From Arnold S Oppenheimer, The Story of My Life (2007)
The youngest child of Hedwig Goldschmidt and Hirsch Cramer, Herbert, volunteered for the German army in World War I and served at the front. After the war he opened a small art gallery in Frankfurt. He married Elsa Seligmann on August 6, 1920, in Frankfurt. Elsa was the daughter of Leopold Seligmann and Anna Bockmann and was born on July 11, 1894, in Frankfurt.

Herbert Cramer marriage record, Hessisches Hauptstaatsarchiv; Wiesbaden, Deutschland; Bestand: 903, Ancestry.com. Hesse, Germany, Marriages, 1849-1930
Herbert and Elsa had one child, a daughter Ruth born in Frankfurt, on August 14, 1921.
In the 1930s Herbert organized the first exhibit of Chagall paintings in Frankfurt.
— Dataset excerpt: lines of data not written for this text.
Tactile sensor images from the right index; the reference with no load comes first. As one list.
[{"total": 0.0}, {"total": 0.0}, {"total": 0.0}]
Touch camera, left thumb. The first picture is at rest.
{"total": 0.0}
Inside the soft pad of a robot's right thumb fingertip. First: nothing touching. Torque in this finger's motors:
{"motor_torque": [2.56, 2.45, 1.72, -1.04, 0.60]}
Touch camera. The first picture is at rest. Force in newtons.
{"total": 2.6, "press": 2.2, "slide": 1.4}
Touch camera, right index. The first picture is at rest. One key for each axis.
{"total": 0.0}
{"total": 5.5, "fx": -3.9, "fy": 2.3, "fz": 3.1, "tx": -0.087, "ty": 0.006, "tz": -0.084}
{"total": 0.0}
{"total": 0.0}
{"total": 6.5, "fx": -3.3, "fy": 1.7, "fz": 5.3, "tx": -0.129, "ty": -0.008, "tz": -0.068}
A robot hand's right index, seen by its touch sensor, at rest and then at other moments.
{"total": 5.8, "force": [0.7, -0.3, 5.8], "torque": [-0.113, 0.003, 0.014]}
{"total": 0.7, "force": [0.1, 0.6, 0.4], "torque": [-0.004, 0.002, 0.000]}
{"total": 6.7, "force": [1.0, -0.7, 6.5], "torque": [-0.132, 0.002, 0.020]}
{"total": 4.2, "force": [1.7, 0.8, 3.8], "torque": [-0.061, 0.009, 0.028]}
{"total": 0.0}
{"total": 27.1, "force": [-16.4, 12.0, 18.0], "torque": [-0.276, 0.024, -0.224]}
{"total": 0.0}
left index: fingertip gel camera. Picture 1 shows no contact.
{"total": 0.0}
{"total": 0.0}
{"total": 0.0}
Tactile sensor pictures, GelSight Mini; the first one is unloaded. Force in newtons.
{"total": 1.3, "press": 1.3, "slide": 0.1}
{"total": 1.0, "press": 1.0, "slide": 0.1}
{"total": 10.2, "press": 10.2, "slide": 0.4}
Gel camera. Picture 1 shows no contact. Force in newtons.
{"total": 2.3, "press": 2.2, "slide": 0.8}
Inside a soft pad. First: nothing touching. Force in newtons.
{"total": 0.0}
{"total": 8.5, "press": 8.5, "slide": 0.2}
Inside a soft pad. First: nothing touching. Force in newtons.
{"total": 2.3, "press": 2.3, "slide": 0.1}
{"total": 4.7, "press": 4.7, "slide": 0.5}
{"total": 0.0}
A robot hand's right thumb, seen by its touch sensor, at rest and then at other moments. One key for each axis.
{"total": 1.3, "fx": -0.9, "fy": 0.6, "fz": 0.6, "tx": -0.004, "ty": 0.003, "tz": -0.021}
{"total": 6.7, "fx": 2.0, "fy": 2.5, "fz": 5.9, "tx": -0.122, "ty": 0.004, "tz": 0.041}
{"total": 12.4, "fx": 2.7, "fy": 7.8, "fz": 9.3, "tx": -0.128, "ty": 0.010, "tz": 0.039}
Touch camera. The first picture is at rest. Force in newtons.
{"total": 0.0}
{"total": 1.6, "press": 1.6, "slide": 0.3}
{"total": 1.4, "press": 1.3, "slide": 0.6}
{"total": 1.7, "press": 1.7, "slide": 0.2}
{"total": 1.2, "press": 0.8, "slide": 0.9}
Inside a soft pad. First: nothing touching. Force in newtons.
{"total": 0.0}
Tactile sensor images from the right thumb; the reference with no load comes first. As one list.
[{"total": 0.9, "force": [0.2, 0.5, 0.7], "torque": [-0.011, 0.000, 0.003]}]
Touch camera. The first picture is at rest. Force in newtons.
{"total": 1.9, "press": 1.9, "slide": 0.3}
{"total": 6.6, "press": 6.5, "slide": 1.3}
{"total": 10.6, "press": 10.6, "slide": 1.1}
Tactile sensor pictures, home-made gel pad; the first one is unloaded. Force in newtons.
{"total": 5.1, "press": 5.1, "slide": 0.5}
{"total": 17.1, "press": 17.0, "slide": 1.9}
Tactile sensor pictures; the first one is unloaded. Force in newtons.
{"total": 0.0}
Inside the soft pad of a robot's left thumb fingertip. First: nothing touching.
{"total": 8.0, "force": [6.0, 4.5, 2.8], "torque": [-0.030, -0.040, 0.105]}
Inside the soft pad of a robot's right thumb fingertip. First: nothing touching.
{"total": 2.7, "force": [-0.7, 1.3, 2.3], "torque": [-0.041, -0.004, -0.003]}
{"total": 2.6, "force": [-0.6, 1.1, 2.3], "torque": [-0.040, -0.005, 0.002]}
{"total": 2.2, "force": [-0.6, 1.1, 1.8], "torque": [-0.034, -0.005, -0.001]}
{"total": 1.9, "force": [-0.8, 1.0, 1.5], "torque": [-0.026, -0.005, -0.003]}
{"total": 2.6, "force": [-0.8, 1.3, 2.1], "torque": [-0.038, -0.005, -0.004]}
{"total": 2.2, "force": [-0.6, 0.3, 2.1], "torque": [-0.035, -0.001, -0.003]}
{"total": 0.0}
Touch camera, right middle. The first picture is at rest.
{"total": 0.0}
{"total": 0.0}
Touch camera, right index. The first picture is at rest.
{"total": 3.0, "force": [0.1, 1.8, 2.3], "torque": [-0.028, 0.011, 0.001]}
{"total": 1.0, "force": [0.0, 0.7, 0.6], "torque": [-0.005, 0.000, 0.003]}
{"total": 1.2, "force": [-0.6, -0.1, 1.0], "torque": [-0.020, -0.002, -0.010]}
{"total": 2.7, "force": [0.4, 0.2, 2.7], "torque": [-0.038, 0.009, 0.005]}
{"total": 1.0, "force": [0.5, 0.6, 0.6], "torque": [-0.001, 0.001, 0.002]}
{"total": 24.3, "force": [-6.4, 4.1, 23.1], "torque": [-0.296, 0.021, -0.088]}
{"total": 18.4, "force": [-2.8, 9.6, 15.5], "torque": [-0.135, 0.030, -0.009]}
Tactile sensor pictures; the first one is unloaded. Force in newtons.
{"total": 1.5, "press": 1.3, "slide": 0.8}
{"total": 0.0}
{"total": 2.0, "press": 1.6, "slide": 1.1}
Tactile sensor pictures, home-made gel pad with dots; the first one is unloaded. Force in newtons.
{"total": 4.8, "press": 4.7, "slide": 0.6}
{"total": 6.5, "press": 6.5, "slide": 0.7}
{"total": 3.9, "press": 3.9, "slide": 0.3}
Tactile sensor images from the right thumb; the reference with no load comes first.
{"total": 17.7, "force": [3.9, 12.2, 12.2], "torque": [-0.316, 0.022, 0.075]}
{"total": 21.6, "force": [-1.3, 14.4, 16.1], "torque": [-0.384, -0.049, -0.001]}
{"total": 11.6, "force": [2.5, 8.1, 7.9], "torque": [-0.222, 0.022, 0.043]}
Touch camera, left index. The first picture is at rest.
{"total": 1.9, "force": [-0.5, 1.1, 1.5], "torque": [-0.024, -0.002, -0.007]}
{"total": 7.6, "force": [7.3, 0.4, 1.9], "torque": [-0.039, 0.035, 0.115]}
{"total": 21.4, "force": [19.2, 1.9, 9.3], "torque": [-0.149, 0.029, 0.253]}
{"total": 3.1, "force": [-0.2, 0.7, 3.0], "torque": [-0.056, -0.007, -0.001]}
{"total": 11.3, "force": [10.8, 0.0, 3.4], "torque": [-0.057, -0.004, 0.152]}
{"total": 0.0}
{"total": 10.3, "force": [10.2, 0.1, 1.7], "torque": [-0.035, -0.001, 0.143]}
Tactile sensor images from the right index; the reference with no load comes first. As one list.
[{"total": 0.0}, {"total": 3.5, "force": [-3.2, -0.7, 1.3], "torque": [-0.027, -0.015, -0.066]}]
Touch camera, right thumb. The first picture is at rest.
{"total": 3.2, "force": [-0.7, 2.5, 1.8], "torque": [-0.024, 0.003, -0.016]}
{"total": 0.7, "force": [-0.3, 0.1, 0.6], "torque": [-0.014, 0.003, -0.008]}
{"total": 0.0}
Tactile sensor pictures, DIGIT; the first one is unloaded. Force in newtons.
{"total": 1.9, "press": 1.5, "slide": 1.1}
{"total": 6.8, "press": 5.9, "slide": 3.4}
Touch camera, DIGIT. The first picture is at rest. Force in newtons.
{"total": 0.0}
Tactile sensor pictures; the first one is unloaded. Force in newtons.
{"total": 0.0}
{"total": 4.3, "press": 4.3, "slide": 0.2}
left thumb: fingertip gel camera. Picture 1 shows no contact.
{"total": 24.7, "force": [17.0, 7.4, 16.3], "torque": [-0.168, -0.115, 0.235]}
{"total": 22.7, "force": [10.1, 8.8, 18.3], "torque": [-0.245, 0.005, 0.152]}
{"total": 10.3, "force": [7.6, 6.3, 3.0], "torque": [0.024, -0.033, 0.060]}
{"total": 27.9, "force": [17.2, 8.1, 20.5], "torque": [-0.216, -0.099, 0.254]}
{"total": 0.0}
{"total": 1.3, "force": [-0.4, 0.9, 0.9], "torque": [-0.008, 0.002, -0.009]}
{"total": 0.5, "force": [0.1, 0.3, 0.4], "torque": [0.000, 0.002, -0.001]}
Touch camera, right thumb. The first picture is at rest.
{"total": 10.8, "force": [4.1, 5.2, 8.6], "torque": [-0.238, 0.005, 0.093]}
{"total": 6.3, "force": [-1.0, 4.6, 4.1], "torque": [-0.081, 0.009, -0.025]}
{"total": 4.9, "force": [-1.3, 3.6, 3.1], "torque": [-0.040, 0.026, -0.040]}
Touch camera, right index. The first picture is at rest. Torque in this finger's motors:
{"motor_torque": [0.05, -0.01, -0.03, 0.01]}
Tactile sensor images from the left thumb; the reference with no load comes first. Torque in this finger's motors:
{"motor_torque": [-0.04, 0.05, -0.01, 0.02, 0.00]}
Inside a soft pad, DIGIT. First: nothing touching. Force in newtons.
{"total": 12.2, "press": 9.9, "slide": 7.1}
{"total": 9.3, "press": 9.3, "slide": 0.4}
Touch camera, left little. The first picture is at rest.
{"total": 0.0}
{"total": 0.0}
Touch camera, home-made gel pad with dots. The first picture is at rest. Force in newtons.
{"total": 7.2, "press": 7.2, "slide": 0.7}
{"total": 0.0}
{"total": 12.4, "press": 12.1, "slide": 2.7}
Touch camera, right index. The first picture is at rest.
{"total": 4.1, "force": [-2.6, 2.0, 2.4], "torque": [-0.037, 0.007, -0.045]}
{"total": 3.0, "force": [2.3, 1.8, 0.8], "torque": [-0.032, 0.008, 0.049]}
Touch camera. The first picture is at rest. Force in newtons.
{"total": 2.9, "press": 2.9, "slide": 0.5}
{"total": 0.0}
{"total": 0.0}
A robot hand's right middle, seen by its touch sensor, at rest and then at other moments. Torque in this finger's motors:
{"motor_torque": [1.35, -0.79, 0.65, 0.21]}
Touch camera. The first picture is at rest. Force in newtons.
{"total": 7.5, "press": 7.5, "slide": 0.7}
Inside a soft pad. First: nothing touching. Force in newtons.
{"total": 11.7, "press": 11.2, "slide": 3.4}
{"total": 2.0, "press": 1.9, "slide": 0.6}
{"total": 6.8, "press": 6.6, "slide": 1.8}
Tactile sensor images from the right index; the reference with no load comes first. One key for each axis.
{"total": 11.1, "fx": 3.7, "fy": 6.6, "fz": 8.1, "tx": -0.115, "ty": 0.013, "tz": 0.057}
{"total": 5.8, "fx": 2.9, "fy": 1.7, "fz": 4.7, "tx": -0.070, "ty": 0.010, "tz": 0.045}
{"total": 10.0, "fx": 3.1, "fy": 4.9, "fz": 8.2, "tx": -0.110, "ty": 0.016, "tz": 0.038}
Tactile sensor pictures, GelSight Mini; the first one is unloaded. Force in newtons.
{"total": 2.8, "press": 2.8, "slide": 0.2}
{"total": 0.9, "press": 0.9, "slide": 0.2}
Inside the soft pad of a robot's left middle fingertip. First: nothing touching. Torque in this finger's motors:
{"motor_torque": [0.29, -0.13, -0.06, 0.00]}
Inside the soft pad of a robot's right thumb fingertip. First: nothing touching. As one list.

Then in 1933 he and his family left Germany for Italy. From there they immigrated to Palestine on March 2, 1939, and became naturalized citizens of Palestine on April 16, 1941. He listed his occupation as manager of the Society of the Friends of the Jewish National Museum on his application for Palestinian citizenship.

Sadly, Herbert died just six years later on April 24, 1947, in Jerusalem, according to a profile on My Heritage. His nephew Arnold Oppenheimer wrote that Herbert was killed when a convoy he was traveling with was ambushed by Arabs. His widow Else and daughter Ruth and Ruth’s husband Charles Taubes moved to Australia where Else died in 1983 and Ruth in 2011. They were survived by Ruth’s daughter.
UPDATE: Thank you to Yehuda from TTT for locating Herbert’s gravestone on Gravez and Ruth Cramer’s marriage record.

Thus, Hedwig Goldschmidt Cramer’s children and descendants ended up spread all over the world—to Israel, England, the United States, and Australia. Now if I only could find more records for them.
UPDATE: Once again, thanks to those who helped. I am still looking for the birth records for Max Cramer’s children born in the 1920s in Frankfurter, marriage records for Ilse Cramer, Max’s daughter, a marriage and death record for Robert Cramer, who may have died in Israel or in England. I will keep looking.